**Task brief**
A faithful copy of the entries is needed, one that leaves out the pictures.

**Dataset records**

::::

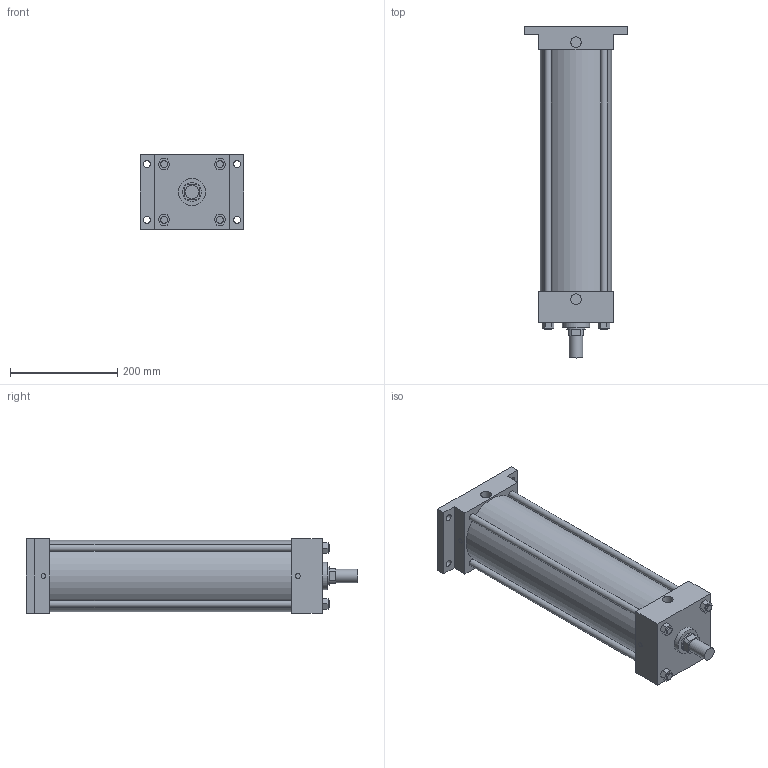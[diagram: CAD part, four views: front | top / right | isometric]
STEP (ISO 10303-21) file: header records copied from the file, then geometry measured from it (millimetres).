
FILE_DESCRIPTION((' Parasolid data model '),'2;1');
FILE_NAME('GSSL','1999-12-15T14:50:56+00:00',(' GSSL '),(' GSSL Pune '),'','GSSL Pune','Author');
FILE_SCHEMA(('CONFIG_CONTROL_DESIGN'));
Length unit declared in the file: millimetre
Bounding box: 193.68 x 619.12 x 139.7 mm (x, y, z)
Surface area: 396716.3 mm2 (no closed solid volume)
Topology: 0 solids, 5 shells, 92 faces, 233 edges, 165 vertices
Faces by surface type: plane 64, cylinder 28
Full cylindrical faces by diameter (mm): 8.731 x6, 12.7 x12, 19.771 x2, 25.4 x1, 34.925 x1, 50.8 x1, 133.35 x1
Entity records: 3039 total; most frequent: CARTESIAN_POINT 527, DIRECTION 476, ORIENTED_EDGE 413, EDGE_CURVE 244, VERTEX_POINT 196, LINE 186, VECTOR 186, EDGE_LOOP 166
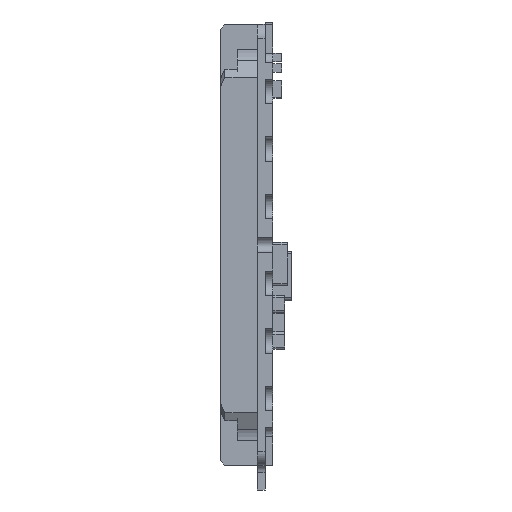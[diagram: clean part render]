
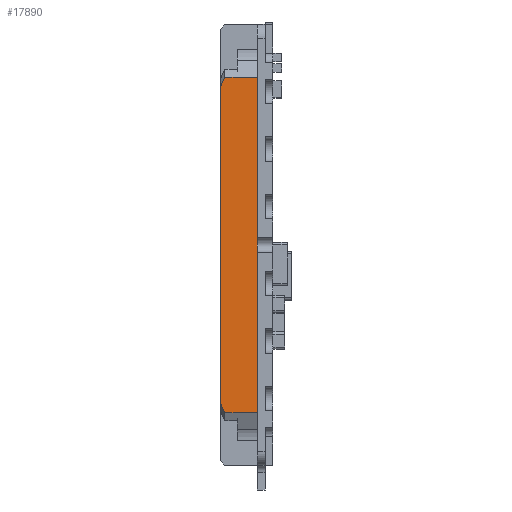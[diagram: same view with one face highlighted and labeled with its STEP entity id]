
A CAD part, left-side view. The second image highlights one B-rep face of the part: STEP entity #17890.
In plain terms, the highlighted planar face has unit normal (-1, 0, 0).
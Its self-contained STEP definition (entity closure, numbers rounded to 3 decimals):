
#6 = CARTESIAN_POINT ( 'NONE',  ( -29.5, 25.754, -1.648 ) ) ;
#367 = DIRECTION ( 'NONE',  ( 0., 0.428, -0.904 ) ) ;
#1267 = DIRECTION ( 'NONE',  ( 0., -0.428, -0.904 ) ) ;
#1418 = DIRECTION ( 'NONE',  ( 0., -1., 0. ) ) ;
#1686 = VERTEX_POINT ( 'NONE', #8591 ) ;
#2600 = ORIENTED_EDGE ( 'NONE', *, *, #7208, .T. ) ;
#2773 = ORIENTED_EDGE ( 'NONE', *, *, #8317, .F. ) ;
#2962 = CARTESIAN_POINT ( 'NONE',  ( -29.5, 8.4, -35. ) ) ;
#2997 = ORIENTED_EDGE ( 'NONE', *, *, #6105, .T. ) ;
#3614 = CARTESIAN_POINT ( 'NONE',  ( -29.5, 8.4, 35. ) ) ;
#3980 = CARTESIAN_POINT ( 'NONE',  ( -29.5, 9.4, -32.888 ) ) ;
#4273 = PLANE ( 'NONE',  #15553 ) ;
#5307 = DIRECTION ( 'NONE',  ( 0., 0., -1. ) ) ;
#5864 = EDGE_CURVE ( 'NONE', #7116, #1686, #11931, .T. ) ;
#6105 = EDGE_CURVE ( 'NONE', #13943, #9694, #10065, .T. ) ;
#6609 = LINE ( 'NONE', #13798, #15595 ) ;
#6695 = DIRECTION ( 'NONE',  ( 0., 0., 1. ) ) ;
#7044 = VECTOR ( 'NONE', #367, 1000. ) ;
#7116 = VERTEX_POINT ( 'NONE', #3614 ) ;
#7208 = EDGE_CURVE ( 'NONE', #13496, #1686, #6609, .T. ) ;
#8317 = EDGE_CURVE ( 'NONE', #13943, #18149, #15009, .T. ) ;
#8591 = CARTESIAN_POINT ( 'NONE',  ( -29.5, 1.6, 35. ) ) ;
#8696 = LINE ( 'NONE', #6, #7044 ) ;
#9694 = VERTEX_POINT ( 'NONE', #2962 ) ;
#10065 = LINE ( 'NONE', #12861, #15093 ) ;
#10899 = DIRECTION ( 'NONE',  ( 0., 0., 1. ) ) ;
#11610 = EDGE_CURVE ( 'NONE', #7116, #18149, #8696, .T. ) ;
#11931 = LINE ( 'NONE', #17619, #15385 ) ;
#12023 = DIRECTION ( 'NONE',  ( 0., -1., 0. ) ) ;
#12638 = CARTESIAN_POINT ( 'NONE',  ( -29.5, 9.4, -35. ) ) ;
#12685 = CARTESIAN_POINT ( 'NONE',  ( -29.5, 9.4, 35. ) ) ;
#12861 = CARTESIAN_POINT ( 'NONE',  ( -29.5, -1.252, -55.383 ) ) ;
#13122 = EDGE_LOOP ( 'NONE', ( #16033, #18488, #2773, #2997, #18294, #2600 ) ) ;
#13468 = CARTESIAN_POINT ( 'NONE',  ( -29.5, 1.6, -35. ) ) ;
#13496 = VERTEX_POINT ( 'NONE', #13468 ) ;
#13539 = VECTOR ( 'NONE', #10899, 1000. ) ;
#13798 = CARTESIAN_POINT ( 'NONE',  ( -29.5, 1.6, 35. ) ) ;
#13943 = VERTEX_POINT ( 'NONE', #3980 ) ;
#14650 = CARTESIAN_POINT ( 'NONE',  ( -29.5, 9.4, 35. ) ) ;
#15009 = LINE ( 'NONE', #14650, #13539 ) ;
#15093 = VECTOR ( 'NONE', #1267, 1000. ) ;
#15385 = VECTOR ( 'NONE', #12023, 1000. ) ;
#15526 = VECTOR ( 'NONE', #1418, 1000. ) ;
#15553 = AXIS2_PLACEMENT_3D ( 'NONE', #12685, #18380, #5307 ) ;
#15595 = VECTOR ( 'NONE', #6695, 1000. ) ;
#15718 = LINE ( 'NONE', #12638, #15526 ) ;
#16033 = ORIENTED_EDGE ( 'NONE', *, *, #5864, .F. ) ;
#16493 = CARTESIAN_POINT ( 'NONE',  ( -29.5, 9.4, 32.888 ) ) ;
#17146 = EDGE_CURVE ( 'NONE', #9694, #13496, #15718, .T. ) ;
#17619 = CARTESIAN_POINT ( 'NONE',  ( -29.5, 9.4, 35. ) ) ;
#17890 = ADVANCED_FACE ( 'NONE', ( #18283 ), #4273, .F. ) ;
#18149 = VERTEX_POINT ( 'NONE', #16493 ) ;
#18283 = FACE_OUTER_BOUND ( 'NONE', #13122, .T. ) ;
#18294 = ORIENTED_EDGE ( 'NONE', *, *, #17146, .T. ) ;
#18380 = DIRECTION ( 'NONE',  ( 1., 0., 0. ) ) ;
#18488 = ORIENTED_EDGE ( 'NONE', *, *, #11610, .T. ) ;

::::

**Response for this exercise**
[diagram: CAD part, four views: front | top / right | isometric]
STEP (ISO 10303-21) file: header records copied from the file, then geometry measured from it (millimetres).
FILE_DESCRIPTION((' Parasolid data model '),'2;1');
FILE_NAME('GSSL','1999-12-15T14:50:56+00:00',(' GSSL '),(' GSSL Pune '),'','GSSL Pune','Author');
FILE_SCHEMA(('CONFIG_CONTROL_DESIGN'));
Length unit declared in the file: millimetre
Bounding box: 193.68 x 619.12 x 139.7 mm (x, y, z)
Surface area: 396716.3 mm2 (no closed solid volume)
Topology: 0 solids, 5 shells, 92 faces, 233 edges, 165 vertices
Faces by surface type: plane 64, cylinder 28
Full cylindrical faces by diameter (mm): 8.731 x6, 12.7 x12, 19.771 x2, 25.4 x1, 34.925 x1, 50.8 x1, 133.35 x1
Entity records: 3039 total; most frequent: CARTESIAN_POINT 527, DIRECTION 476, ORIENTED_EDGE 413, EDGE_CURVE 244, VERTEX_POINT 196, LINE 186, VECTOR 186, EDGE_LOOP 166
[diagram: clean part render]
[diagram: same view with one face highlighted and labeled with its STEP entity id]
A CAD part, left-side view. The second image highlights one B-rep face of the part: STEP entity #17890.
In plain terms, the highlighted planar face has unit normal (-1, 0, 0).
Its self-contained STEP definition (entity closure, numbers rounded to 3 decimals):
#6 = CARTESIAN_POINT ( 'NONE',  ( -29.5, 25.754, -1.648 ) ) ;
#367 = DIRECTION ( 'NONE',  ( 0., 0.428, -0.904 ) ) ;
#1267 = DIRECTION ( 'NONE',  ( 0., -0.428, -0.904 ) ) ;
#1418 = DIRECTION ( 'NONE',  ( 0., -1., 0. ) ) ;
#1686 = VERTEX_POINT ( 'NONE', #8591 ) ;
#2600 = ORIENTED_EDGE ( 'NONE', *, *, #7208, .T. ) ;
#2773 = ORIENTED_EDGE ( 'NONE', *, *, #8317, .F. ) ;
#2962 = CARTESIAN_POINT ( 'NONE',  ( -29.5, 8.4, -35. ) ) ;
#2997 = ORIENTED_EDGE ( 'NONE', *, *, #6105, .T. ) ;
#3614 = CARTESIAN_POINT ( 'NONE',  ( -29.5, 8.4, 35. ) ) ;
#3980 = CARTESIAN_POINT ( 'NONE',  ( -29.5, 9.4, -32.888 ) ) ;
#4273 = PLANE ( 'NONE',  #15553 ) ;
#5307 = DIRECTION ( 'NONE',  ( 0., 0., -1. ) ) ;
#5864 = EDGE_CURVE ( 'NONE', #7116, #1686, #11931, .T. ) ;
#6105 = EDGE_CURVE ( 'NONE', #13943, #9694, #10065, .T. ) ;
#6609 = LINE ( 'NONE', #13798, #15595 ) ;
#6695 = DIRECTION ( 'NONE',  ( 0., 0., 1. ) ) ;
#7044 = VECTOR ( 'NONE', #367, 1000. ) ;
#7116 = VERTEX_POINT ( 'NONE', #3614 ) ;
#7208 = EDGE_CURVE ( 'NONE', #13496, #1686, #6609, .T. ) ;
#8317 = EDGE_CURVE ( 'NONE', #13943, #18149, #15009, .T. ) ;
#8591 = CARTESIAN_POINT ( 'NONE',  ( -29.5, 1.6, 35. ) ) ;
#8696 = LINE ( 'NONE', #6, #7044 ) ;
#9694 = VERTEX_POINT ( 'NONE', #2962 ) ;
#10065 = LINE ( 'NONE', #12861, #15093 ) ;
#10899 = DIRECTION ( 'NONE',  ( 0., 0., 1. ) ) ;
#11610 = EDGE_CURVE ( 'NONE', #7116, #18149, #8696, .T. ) ;
#11931 = LINE ( 'NONE', #17619, #15385 ) ;
#12023 = DIRECTION ( 'NONE',  ( 0., -1., 0. ) ) ;
#12638 = CARTESIAN_POINT ( 'NONE',  ( -29.5, 9.4, -35. ) ) ;
#12685 = CARTESIAN_POINT ( 'NONE',  ( -29.5, 9.4, 35. ) ) ;
#12861 = CARTESIAN_POINT ( 'NONE',  ( -29.5, -1.252, -55.383 ) ) ;
#13122 = EDGE_LOOP ( 'NONE', ( #16033, #18488, #2773, #2997, #18294, #2600 ) ) ;
#13468 = CARTESIAN_POINT ( 'NONE',  ( -29.5, 1.6, -35. ) ) ;
#13496 = VERTEX_POINT ( 'NONE', #13468 ) ;
#13539 = VECTOR ( 'NONE', #10899, 1000. ) ;
#13798 = CARTESIAN_POINT ( 'NONE',  ( -29.5, 1.6, 35. ) ) ;
#13943 = VERTEX_POINT ( 'NONE', #3980 ) ;
#14650 = CARTESIAN_POINT ( 'NONE',  ( -29.5, 9.4, 35. ) ) ;
#15009 = LINE ( 'NONE', #14650, #13539 ) ;
#15093 = VECTOR ( 'NONE', #1267, 1000. ) ;
#15385 = VECTOR ( 'NONE', #12023, 1000. ) ;
#15526 = VECTOR ( 'NONE', #1418, 1000. ) ;
#15553 = AXIS2_PLACEMENT_3D ( 'NONE', #12685, #18380, #5307 ) ;
#15595 = VECTOR ( 'NONE', #6695, 1000. ) ;
#15718 = LINE ( 'NONE', #12638, #15526 ) ;
#16033 = ORIENTED_EDGE ( 'NONE', *, *, #5864, .F. ) ;
#16493 = CARTESIAN_POINT ( 'NONE',  ( -29.5, 9.4, 32.888 ) ) ;
#17146 = EDGE_CURVE ( 'NONE', #9694, #13496, #15718, .T. ) ;
#17619 = CARTESIAN_POINT ( 'NONE',  ( -29.5, 9.4, 35. ) ) ;
#17890 = ADVANCED_FACE ( 'NONE', ( #18283 ), #4273, .F. ) ;
#18149 = VERTEX_POINT ( 'NONE', #16493 ) ;
#18283 = FACE_OUTER_BOUND ( 'NONE', #13122, .T. ) ;
#18294 = ORIENTED_EDGE ( 'NONE', *, *, #17146, .T. ) ;
#18380 = DIRECTION ( 'NONE',  ( 1., 0., 0. ) ) ;
#18488 = ORIENTED_EDGE ( 'NONE', *, *, #11610, .T. ) ;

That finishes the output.